The invention has the advantages that: the invention introduces the self-attention layer with the gating function, can further carry out matching and information fusion on the long text, and carries out filtering on unimportant information to a certain degree, thereby relieving the problem of designing longer context and improving the accuracy of the model to a certain degree;

the invention combines ELMo embedding, can obtain more accurate word embedding representation through an encoder pre-trained on large data volume, can make the word embedding representation contain more context information, can effectively solve the problem that polysemous words and the like need context, and improves the model performance.

Drawings

FIG. 1 is a basic flow diagram of the present invention.

FIG. 2 is a diagram of a neural network model according to the present invention.

Detailed Description

As shown in fig. 1, a reading comprehension method based on the ELMo embedding and gating self-attention mechanism includes the following steps:

s8: the representation obtained in the step S7 is further fused and reasoned to the text representation through the two-way double-layer LSTM modeling layer, and modeling representations of articles and problems are respectively obtained;

s9: performing long-context associative matching on the text representation obtained in the step S8 through a gated self-attention layer to obtain a self-attention representation of the word;

s10: the output layer combines the representation obtained in steps S7, S8, S9 to use bilinear function to deduce the start index and the end index of the final answer, i.e. the answer is the phrase between the indexes.

The step S1 is described in detail as follows:

The step S2 is described in detail as follows:

The detailed process by the step S5 is as follows:

y＝F(x，W_H)·G(x，W_G)+x·(1-G(x，W_G))

thereby obtaining a context vector matrix

And a problem vector matrix

the step S7 bidirectional attention matching mechanism is as follows:

wherein

Then the vector is tiled for T times according to columns to obtain

the gate control attention in the step S9 is described in detail as follows:

the reason for this layer is that some of the problems involve longer contextual contexts, requiring more complex reasoning, and to alleviate these problems, the contextual representations of the words obtained by the modeling layer are directly matched with all other contextual word representations, i.e. each word representation M is first calculated from the text matrix representation obtained by the S8 modeling layer_tWith all other words representing M_jAttention to (1)And (3) calculating a final weighted sum representation of each word after normalizing the scores:

g＝sigmoid(W_g[P；M])

P^*＝g⊙[P；M]

The answer layer in said step S10 is described in detail as follows:

The specific implementation process of the invention is as follows:

1. an appropriate data set is selected.

This section uses a Stanford question and answer dataset (SQuAD), which is created manually by crowdsourcing.

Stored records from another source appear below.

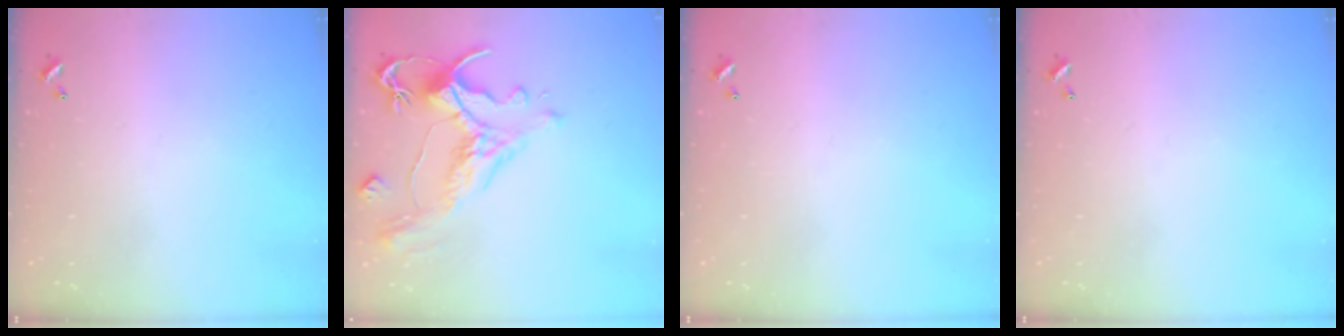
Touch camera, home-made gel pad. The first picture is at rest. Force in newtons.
{"total": 1.8, "press": 0.9, "slide": 1.5}
{"total": 0.0}
{"total": 0.0}
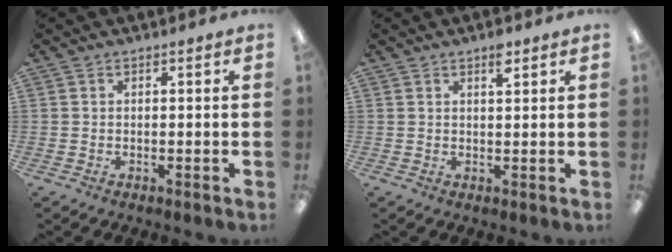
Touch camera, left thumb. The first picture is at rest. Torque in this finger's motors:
{"motor_torque": [0.50, -0.01, 0.52, -0.46, 0.06]}
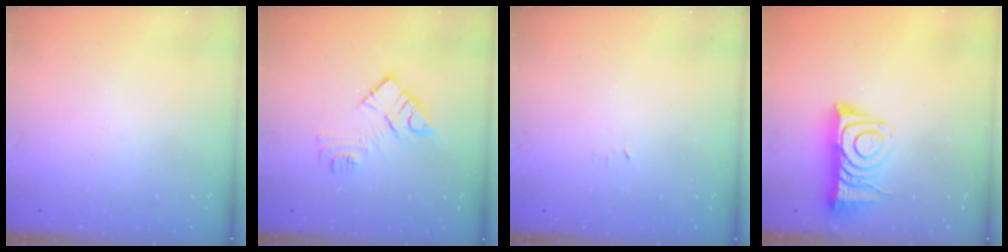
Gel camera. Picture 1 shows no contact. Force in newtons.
{"total": 11.0, "press": 11.0, "slide": 0.6}
{"total": 2.4, "press": 2.4, "slide": 0.4}
{"total": 11.4, "press": 11.3, "slide": 1.0}
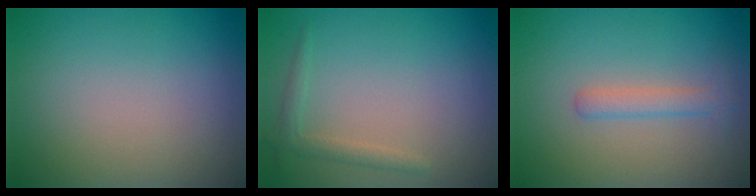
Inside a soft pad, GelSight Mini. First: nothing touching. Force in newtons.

The SQuAD dataset is a regional predictive reading comprehension dataset, i.e. given articles and questions, the machine needs to find the corresponding region (span) of answers in the articles and predict the start and end positions. The length of the region is generally not limited. It is constructed from 536 articles randomly selected from wikipedia, english, including 107785 answers to questions. Typically, articles vary from 50 to 250 words, and questions contain about 10 words. This data set is one of the largest MRC data sets to date.

2. And selecting a model performance evaluation index.

This section uses two indices to evaluate the model: f1 and Exact Match (EM) score. These two scores may be obtained by comparing the model predicted answer with the candidate answers using an official script, i.e., comparing each of the three candidate answers with the predicted answer and selecting the highest score. Where EM is the full correct predictive score, the F1 score is defined as the average overlap score between the predicted answer and the candidate answer.

3. And constructing a model according to the prior art scheme and experience.

As shown in fig. 2, the main core content of the present invention includes the following hierarchical structure: (1) and the ELMo embedded layer obtains an embedded representation that the word contains the context information by using a pre-trained ELMo language model. (2) The self-attention layer with the gating function matches the word representation of the article with all other words of the article, and filters unimportant information by the gating function. (3) And a bilinear function answer layer based on a feature multiplexing method is used for predicting the start and end positions of the answer.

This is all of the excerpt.